Example data follows:
id sy OC
13693 2017 1
13752 2017 5
13693 2017 4
44555 2018 3
What am I doing incorrectly for the following code?
SORs.pivot(index='id',columns="sy",values='OC').add_prefix('sy').reset_index()
I have never seen "pivot"ing used within R before, but I am eager to learn, once I get past this hurdle.
I wish for the final output to be something like the following:
id sy2017 sy2018
13693 1 na
13752 5 na
13693 4 na
44555 na 3
I adapted it from this Stack Overflow page.
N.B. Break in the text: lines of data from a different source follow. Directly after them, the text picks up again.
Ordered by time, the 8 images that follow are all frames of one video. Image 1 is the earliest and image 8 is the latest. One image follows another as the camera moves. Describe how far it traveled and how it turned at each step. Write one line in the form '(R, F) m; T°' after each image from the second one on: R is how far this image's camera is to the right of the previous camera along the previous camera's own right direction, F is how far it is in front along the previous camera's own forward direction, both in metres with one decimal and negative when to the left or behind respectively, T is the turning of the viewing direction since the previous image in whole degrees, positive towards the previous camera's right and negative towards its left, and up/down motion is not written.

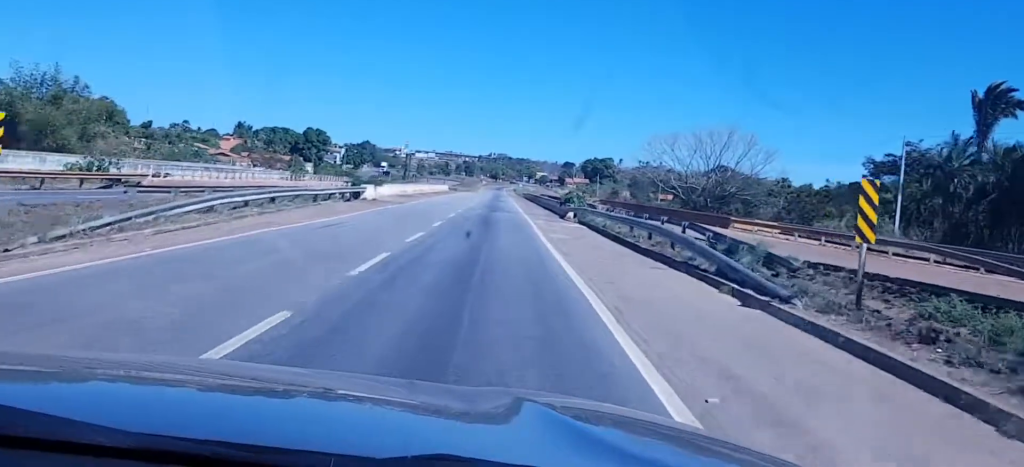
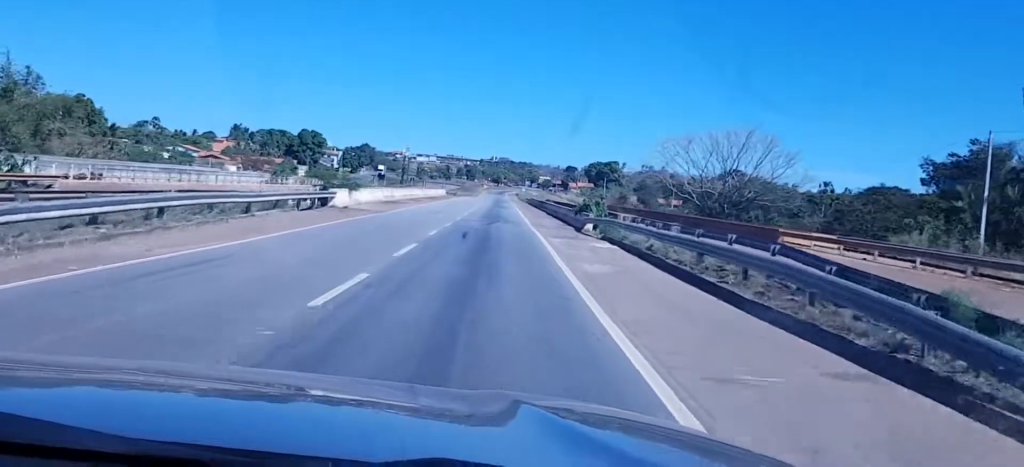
(+0.1, +11.6) m; 0°
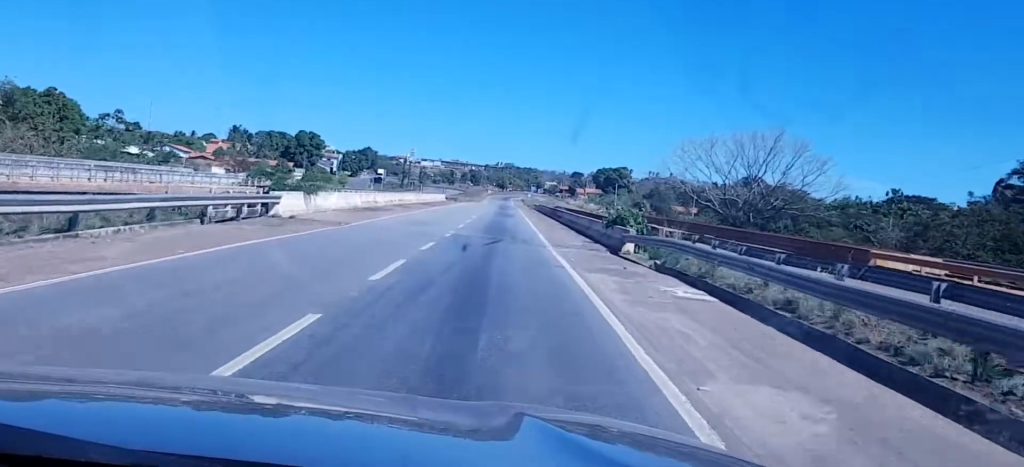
(0.0, +12.6) m; +1°
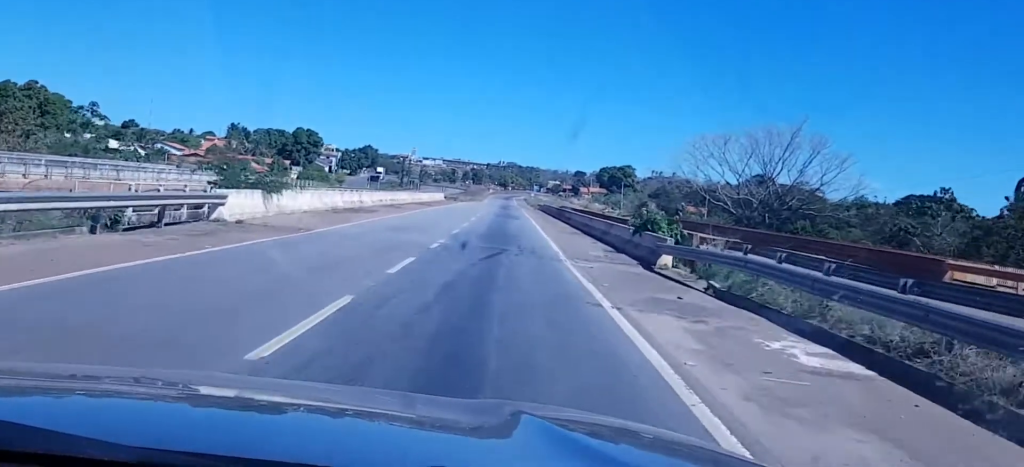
(0.0, +6.5) m; +1°
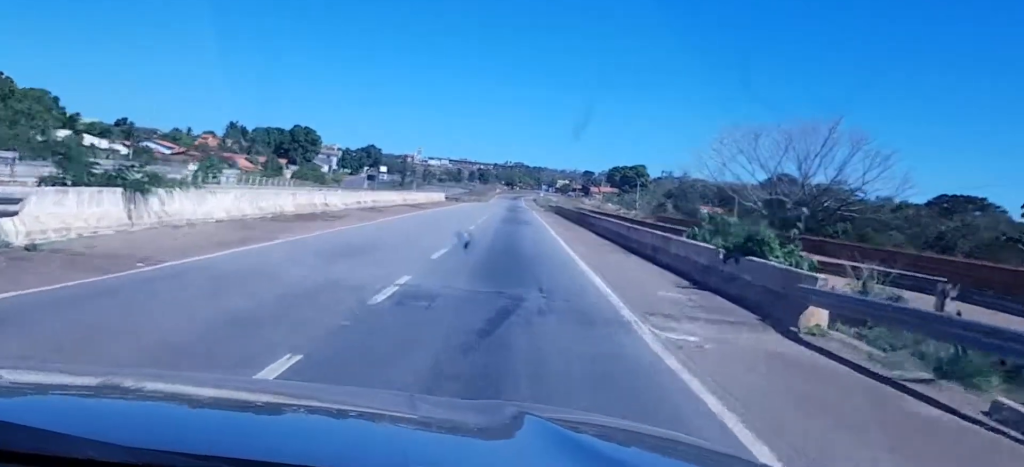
(+0.2, +11.6) m; +2°
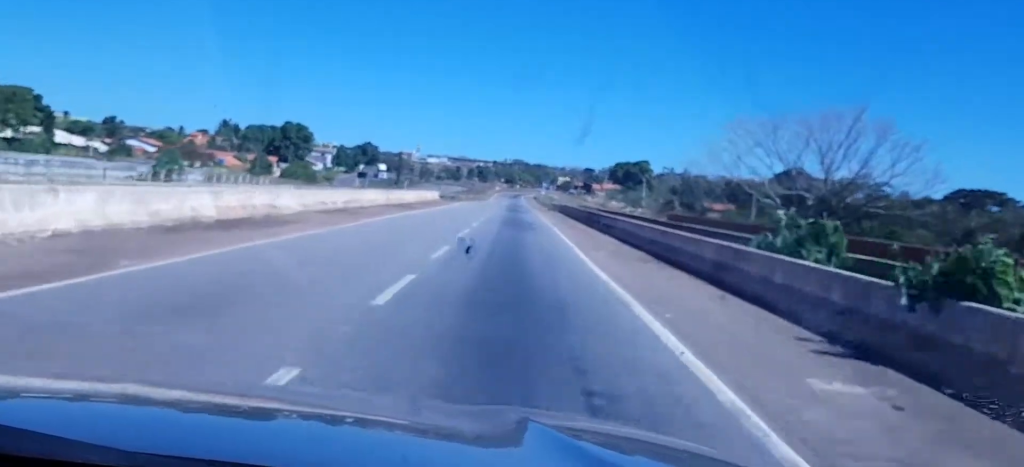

I am also looking to get the summation of the values within the cells for the repeating ids (13693).
Update
First, please let me apologize for mixing R and Python. That was just silly on my part.
I am still having problems with the data even though I used some of the solutions:
Now this yields a df with over 200,000 records - but the logic works, and I am ready to spread the columns out.
I tried two different ways but neither worked.
First I tried:
reshape(dat2, idvar="id", timevar="sy", direction="wide").
All this yielded was a df with two columns. The first was the subjectkey and the next said DistinctOrderCound.2017:2018 - and the latter column is just a column of NAs.
Then I tried:
spread(dat2, key = sy, value=value).
This yielded a Error saying duplicate values for rows and a sample listing of the duplicates.
I think the reshape should work and work nicely. I do not think there are any issues with the summation any more as I took care of that with a pre-query.